– Читала. По-моему, Степан, каким вы его написали, не из тех героев, которых принимаешь на веру. И мне нравится, что он обрисован как сложнейшая, противоречивейшая фигура. В его противоречиях – коллизии времени. Но для понимания всего этого читателю очень важно авторское посредничество, о котором вы говорили. Чем восполнит экран отсутствие автора – посредника? В романе образ Степана Разина создается чисто литературными приемами – сколько там внутренних монологов, авторских отступлений. Потерять их – значит, по-моему, потерять и размах эпопей, и образ героя. Но вся эта принятая в литературе система опосредований для кинематографии, пожалуй, не годится.

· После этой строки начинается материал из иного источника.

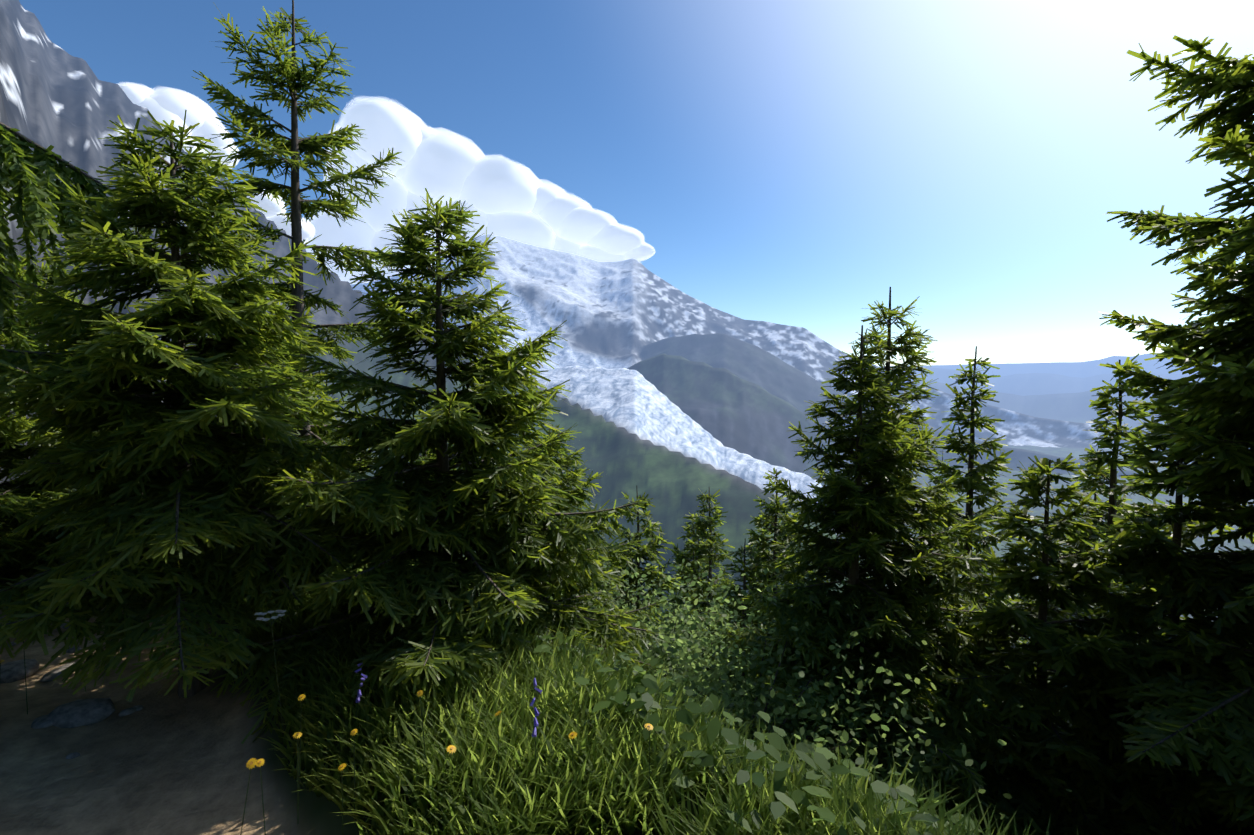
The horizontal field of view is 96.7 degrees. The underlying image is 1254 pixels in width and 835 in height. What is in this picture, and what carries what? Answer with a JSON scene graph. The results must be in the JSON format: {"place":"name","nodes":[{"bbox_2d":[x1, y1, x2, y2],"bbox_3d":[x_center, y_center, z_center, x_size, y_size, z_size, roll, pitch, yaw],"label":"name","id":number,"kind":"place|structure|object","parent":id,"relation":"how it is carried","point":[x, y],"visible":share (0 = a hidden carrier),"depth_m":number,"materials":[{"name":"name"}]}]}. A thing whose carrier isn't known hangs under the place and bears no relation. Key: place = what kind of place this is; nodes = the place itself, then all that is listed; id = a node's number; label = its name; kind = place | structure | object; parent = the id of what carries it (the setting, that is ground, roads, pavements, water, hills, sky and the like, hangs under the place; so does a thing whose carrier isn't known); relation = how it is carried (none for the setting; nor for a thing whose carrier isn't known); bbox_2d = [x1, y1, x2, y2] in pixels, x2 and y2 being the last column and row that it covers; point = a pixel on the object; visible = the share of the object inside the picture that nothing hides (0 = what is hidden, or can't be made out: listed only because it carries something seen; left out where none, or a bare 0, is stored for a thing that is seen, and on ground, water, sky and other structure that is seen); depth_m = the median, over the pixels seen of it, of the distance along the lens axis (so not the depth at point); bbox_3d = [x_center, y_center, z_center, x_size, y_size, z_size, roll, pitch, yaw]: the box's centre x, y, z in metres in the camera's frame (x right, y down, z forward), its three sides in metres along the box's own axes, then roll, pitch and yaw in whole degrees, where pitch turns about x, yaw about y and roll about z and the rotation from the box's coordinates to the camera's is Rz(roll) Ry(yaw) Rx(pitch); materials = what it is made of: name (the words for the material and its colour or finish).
{"place":"outdoors","nodes":[
{"label":"outdoors","id":0,"kind":"place"},
{"bbox_2d":[118,82,315,244],"bbox_3d":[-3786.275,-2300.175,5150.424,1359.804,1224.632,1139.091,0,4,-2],"label":"cloud","id":1,"kind":"structure","parent":0,"point":[167,104],"depth_m":4845.80,"materials":[{"name":"white"}]},
{"bbox_2d":[303,95,654,284],"bbox_3d":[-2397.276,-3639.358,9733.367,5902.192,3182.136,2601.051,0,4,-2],"label":"cloud","id":2,"kind":"structure","parent":0,"point":[506,197],"depth_m":9078.20,"materials":[{"name":"white"}]},
{"bbox_2d":[0,0,1253,834],"bbox_3d":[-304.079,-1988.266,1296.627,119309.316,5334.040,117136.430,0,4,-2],"label":"mountain terrain","id":3,"kind":"structure","parent":0,"point":[675,399],"depth_m":2141.99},
{"bbox_2d":[0,617,177,758],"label":"rocks","id":4,"kind":"object","parent":3,"relation":"on","point":[79,713],"visible":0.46,"depth_m":2.72,"materials":[{"name":"grey stone"}]},
{"bbox_2d":[0,254,188,589],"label":"spruce","id":5,"kind":"object","parent":3,"relation":"on","point":[21,502],"visible":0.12,"depth_m":4.28,"materials":[{"name":"green plant"}]},
{"bbox_2d":[0,122,190,419],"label":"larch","id":6,"kind":"object","parent":3,"relation":"on","point":[34,191],"visible":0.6,"depth_m":3.26,"materials":[{"name":"green plant"}]},
{"bbox_2d":[0,110,380,701],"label":"spruce","id":7,"kind":"object","parent":3,"relation":"on","point":[190,532],"visible":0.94,"depth_m":2.56,"materials":[{"name":"green plant"}]},
{"bbox_2d":[12,333,396,627],"bbox_3d":[-3.238,0.490,4.503,2.359,2.972,2.287,1,4,8],"label":"spruce","id":8,"kind":"object","parent":3,"relation":"on","point":[213,422],"depth_m":4.43,"materials":[{"name":"green plant"}]},
{"bbox_2d":[254,610,285,736],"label":"umbel wildflowers","id":9,"kind":"object","parent":3,"relation":"on","point":[267,619],"visible":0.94,"depth_m":2.44,"materials":[{"name":"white plant"}]},
{"bbox_2d":[183,0,456,528],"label":"tall spruce","id":10,"kind":"object","parent":3,"relation":"on","point":[294,147],"visible":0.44,"depth_m":4.09,"materials":[{"name":"green plant"}]},
{"bbox_2d":[0,637,652,834],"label":"yellow wildflowers","id":11,"kind":"object","parent":3,"relation":"on","point":[252,762],"visible":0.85,"depth_m":1.95,"materials":[{"name":"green plant"}]},
{"bbox_2d":[314,389,342,444],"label":"forest spruce","id":12,"kind":"object","parent":3,"relation":"on","point":[318,396],"depth_m":23.02,"materials":[{"name":"green plant"}]},
{"bbox_2d":[175,188,664,743],"bbox_3d":[-1.080,0.495,3.189,2.781,3.411,2.274,-1,4,-21],"label":"spruce","id":13,"kind":"object","parent":3,"relation":"on","point":[491,492],"visible":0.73,"depth_m":2.84,"materials":[{"name":"green plant"}]},
{"bbox_2d":[394,389,466,559],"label":"forest spruce","id":14,"kind":"object","parent":3,"relation":"on","point":[450,447],"visible":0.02,"depth_m":13.97,"materials":[{"name":"green plant"}]},
{"bbox_2d":[402,409,466,562],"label":"forest spruce","id":15,"kind":"object","parent":3,"relation":"on","point":[421,456],"depth_m":10.84,"materials":[{"name":"green plant"}]},
{"bbox_2d":[482,424,666,689],"bbox_3d":[-0.619,1.415,4.105,1.982,2.734,1.692,-1,4,-22],"label":"spruce","id":16,"kind":"object","parent":3,"relation":"on","point":[608,615],"visible":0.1,"depth_m":3.93,"materials":[{"name":"green plant"}]},
{"bbox_2d":[553,536,640,635],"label":"spruce","id":17,"kind":"object","parent":3,"relation":"on","point":[608,584],"visible":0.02,"depth_m":7.17,"materials":[{"name":"green plant"}]},
{"bbox_2d":[598,549,634,605],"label":"forest spruce","id":18,"kind":"object","parent":3,"relation":"on","point":[619,590],"depth_m":16.64,"materials":[{"name":"green plant"}]},
{"bbox_2d":[604,485,697,683],"bbox_3d":[0.131,3.259,8.779,2.008,4.434,2.002,3,5,43],"label":"spruce","id":19,"kind":"object","parent":3,"relation":"on","point":[651,553],"visible":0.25,"depth_m":8.53,"materials":[{"name":"green plant"}]},
{"bbox_2d":[352,534,992,834],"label":"leafy herbs","id":20,"kind":"object","parent":3,"relation":"on","point":[822,755],"visible":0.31,"depth_m":2.04,"materials":[{"name":"green plant"}]},
{"bbox_2d":[661,514,720,702],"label":"forest spruce","id":21,"kind":"object","parent":3,"relation":"on","point":[679,557],"visible":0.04,"depth_m":18.87,"materials":[{"name":"green plant"}]},
{"bbox_2d":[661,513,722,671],"bbox_3d":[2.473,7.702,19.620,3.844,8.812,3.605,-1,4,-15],"label":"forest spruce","id":22,"kind":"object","parent":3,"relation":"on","point":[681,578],"visible":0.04,"depth_m":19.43,"materials":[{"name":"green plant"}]},
{"bbox_2d":[550,533,852,739],"bbox_3d":[-0.047,2.012,4.697,3.577,2.172,3.200,1,4,13],"label":"alder shrub","id":23,"kind":"object","parent":3,"relation":"on","point":[664,628],"visible":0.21,"depth_m":4.74,"materials":[{"name":"green plant"}]},
{"bbox_2d":[674,487,740,697],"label":"spruce","id":24,"kind":"object","parent":3,"relation":"on","point":[702,533],"visible":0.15,"depth_m":9.55,"materials":[{"name":"green plant"}]},
{"bbox_2d":[696,538,777,734],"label":"spruce","id":25,"kind":"object","parent":3,"relation":"on","point":[741,553],"visible":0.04,"depth_m":7.47,"materials":[{"name":"green plant"}]},
{"bbox_2d":[736,525,778,644],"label":"forest spruce","id":26,"kind":"object","parent":3,"relation":"on","point":[762,533],"depth_m":26.03,"materials":[{"name":"green plant"}]},
{"bbox_2d":[721,468,825,699],"bbox_3d":[2.013,3.382,7.978,2.344,5.319,2.543,-1,4,-9],"label":"spruce","id":27,"kind":"object","parent":3,"relation":"on","point":[772,509],"visible":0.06,"depth_m":7.84,"materials":[{"name":"green plant"}]},
{"bbox_2d":[772,541,801,588],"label":"forest spruce","id":28,"kind":"object","parent":3,"relation":"on","point":[780,581],"depth_m":16.93,"materials":[{"name":"green plant"}]},
{"bbox_2d":[587,538,1071,833],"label":"alder shrub","id":29,"kind":"object","parent":3,"relation":"on","point":[771,697],"visible":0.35,"depth_m":3.57,"materials":[{"name":"green plant"}]},
{"bbox_2d":[714,325,1011,833],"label":"spruce","id":30,"kind":"object","parent":3,"relation":"on","point":[866,507],"visible":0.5,"depth_m":3.98,"materials":[{"name":"green plant"}]},
{"bbox_2d":[765,287,1075,833],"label":"spruce","id":31,"kind":"object","parent":3,"relation":"on","point":[947,586],"visible":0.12,"depth_m":4.22,"materials":[{"name":"green plant"}]},
{"bbox_2d":[918,453,973,625],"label":"forest spruce","id":32,"kind":"object","parent":3,"relation":"on","point":[935,480],"visible":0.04,"depth_m":17.61,"materials":[{"name":"green plant"}]},
{"bbox_2d":[943,528,1011,647],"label":"forest spruce","id":33,"kind":"object","parent":3,"relation":"on","point":[979,568],"depth_m":10.38,"materials":[{"name":"green plant"}]},
{"bbox_2d":[910,346,1051,723],"bbox_3d":[3.508,2.553,5.869,1.795,6.563,2.164,1,4,20],"label":"spruce","id":34,"kind":"object","parent":3,"relation":"on","point":[970,481],"visible":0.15,"depth_m":5.61,"materials":[{"name":"green plant"}]},
{"bbox_2d":[896,453,1173,834],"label":"spruce","id":35,"kind":"object","parent":3,"relation":"on","point":[1053,642],"visible":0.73,"depth_m":3.85,"materials":[{"name":"green plant"}]},
{"bbox_2d":[1034,445,1130,617],"bbox_3d":[10.054,6.071,12.273,3.984,11.009,4.119,3,5,43],"label":"forest spruce","id":36,"kind":"object","parent":3,"relation":"on","point":[1113,583],"visible":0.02,"depth_m":11.99,"materials":[{"name":"green plant"}]},
{"bbox_2d":[1033,353,1185,739],"bbox_3d":[4.425,2.705,5.290,1.925,6.514,1.839,-2,4,-34],"label":"spruce","id":37,"kind":"object","parent":3,"relation":"on","point":[1114,490],"visible":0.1,"depth_m":5.00,"materials":[{"name":"green plant"}]},
{"bbox_2d":[977,402,1253,834],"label":"spruce","id":38,"kind":"object","parent":3,"relation":"on","point":[1157,812],"visible":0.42,"depth_m":3.67,"materials":[{"name":"green plant"}]},
{"bbox_2d":[1049,35,1253,832],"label":"spruce","id":39,"kind":"object","parent":3,"relation":"on","point":[1226,397],"visible":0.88,"depth_m":3.31,"materials":[{"name":"green plant"}]},
{"bbox_2d":[19,0,1253,365],"label":"sky","id":40,"kind":"structure","parent":0,"point":[797,163],"materials":[{"name":"blue"}]},
{"bbox_2d":[204,550,1077,834],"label":"meadow grass","id":41,"kind":"structure","parent":0,"point":[603,789],"depth_m":2.08,"materials":[{"name":"green plant"}]},
{"bbox_2d":[354,660,541,784],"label":"purple wildflowers","id":42,"kind":"object","parent":41,"relation":"on","point":[534,732],"visible":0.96,"depth_m":1.97,"materials":[{"name":"purple plant"}]}
]}

Разве что закадровый авторский комментарий, закадровые монологи – «старое испытанное» средство...
– Нет, только не это. В кинематографе авторский голос сегодня утрачивает свою выразительность. Некоторые мысли – я говорю о больших, глобальных идеях – нельзя сводить к словесному изложению. Внутренний монолог киногероя подразумевает не закадровый голос, а определенный ряд зрительных представлений. В этом смысле какой-нибудь сто раз цитированный на экране ледоход говорит мне неизмеримо больше о чувствах героя, чем самый взволнованный и проникновенный актерский голос, звучащий за кадром.
Я убедился в этом, когда сделал свой последний фильм. Пожалуй, самое нелепое в «Странных людях» – это авторские комментарии. Мне-то казалось, что они могут связать разрозненные части повествования, нечто прояснить для зрителя. Я тешил себя этой иллюзией авторского присутствия – даже сам читал текст за кадром. Теперь же с особенной остротой понимаю, что не может быть прямого альянса с литературой на съемочной площадке. Кино – это кино. И если когда-нибудь мне придется экранизировать роман о Степане Разине, я буду жестко соблюдать требования экрана.
Конечно, кинематографу тоже доступно изобретение внутренней жизни человека, хотя порой к этому приходится идти чрезвычайно сложным, ассоциативным путем. Я бы сказал, что литература в этом отношении... ну, демократичнее, что ли... Слово – универсальный посредник между читателем и художником. И, кроме того, на протяжении многих веков литература выработала свои приемы, свою систему условностей. В кинематографе все сложнее. В поисках кинематографической выразительности, в потоке зрительных ассоциаций можно потерять самого героя, а с ним и понимание, и сочувствие зрителя.
А что может быть страшнее зрительского равнодушия, непонимания, а то и недоумения перед произведением, которое ты, автор, считаешь для себя программным.
Да будь ты трижды современный и даже забегай с «вопросами» вперед – все равно ты должен быть интересен и понятен. Вывернись наизнанку завяжись узлом, но не кричи в пустом зале. Добрые, искренние, человечные слова тоже должны греметь. Гремят же на площадях в мире слова недобрые, фальшивые. Пусть и добро вооружается! Келейные разговоры о красоте, истине только обессиливают человечество перед ликом громогласного, организованного зла. Если же кто сказал слова добрые и правдивые и его не услышали – значит, он не сказал их.
Есть еще одно препятствие, нередко встающее между режиссером и зрителем. Не знаю даже, как «это» назвать. Сказать «натурализм»? Пожалуй, неточно. Ну да не в термине дело. А суть вот в чем. Когда я, к примеру, писал роман о Разине, я очень четко понимал: чтобы осилить такую тему, надо всерьез и до конца сознавать, что человек, принявший в сердце народную боль, поднимает карающую руку от имени народа. Да, Степан Разин был жесток. Но с кем? Если человек силен, то он всегда с кем-то жесток, а с кем-то нет. Во имя чего он жесток? Если во имя власти своей – тогда он, сильный, вызывает страх и омерзение. Тогда он – исторический карлик, сам способный скулить перед лицом смерти: она сильнее, она разит его. Степан не может быть так жесток. И надо ли считать, спустя столько веков, сколько нанес он ударов и не было ли, на наш взгляд, лишних?
Но если с абсолютной точностью воспроизвести на экране все описанные в романе сцены пыток и казней, то можно вызвать у зрителя что-то вроде шока, который помешает воспринимать и оценивать происходящее так, как только хотелось бы автору. Писатель может не ставить себе никаких ограничений – в литературном произведении, где слово играет эстетическую роль, самые жестокие сцены воспринимаются как художественная картина. К тому же восприятие этих сцен проходит при активном посредничестве писателя, который может впрямую обратиться к читателю, настроить его на определенное отношение ко всем происходящим событиям, ко всем поступкам героев. Перенося свой роман на экран, я должен буду избирательно отнестись ко многим сценам. Причина тому – все та же высокая образная насыщенность кинематографа. Мне, режиссеру, многое предстоит показать опосредованно, помогая зрителю домысливать то, что будет прямо изображено на экране.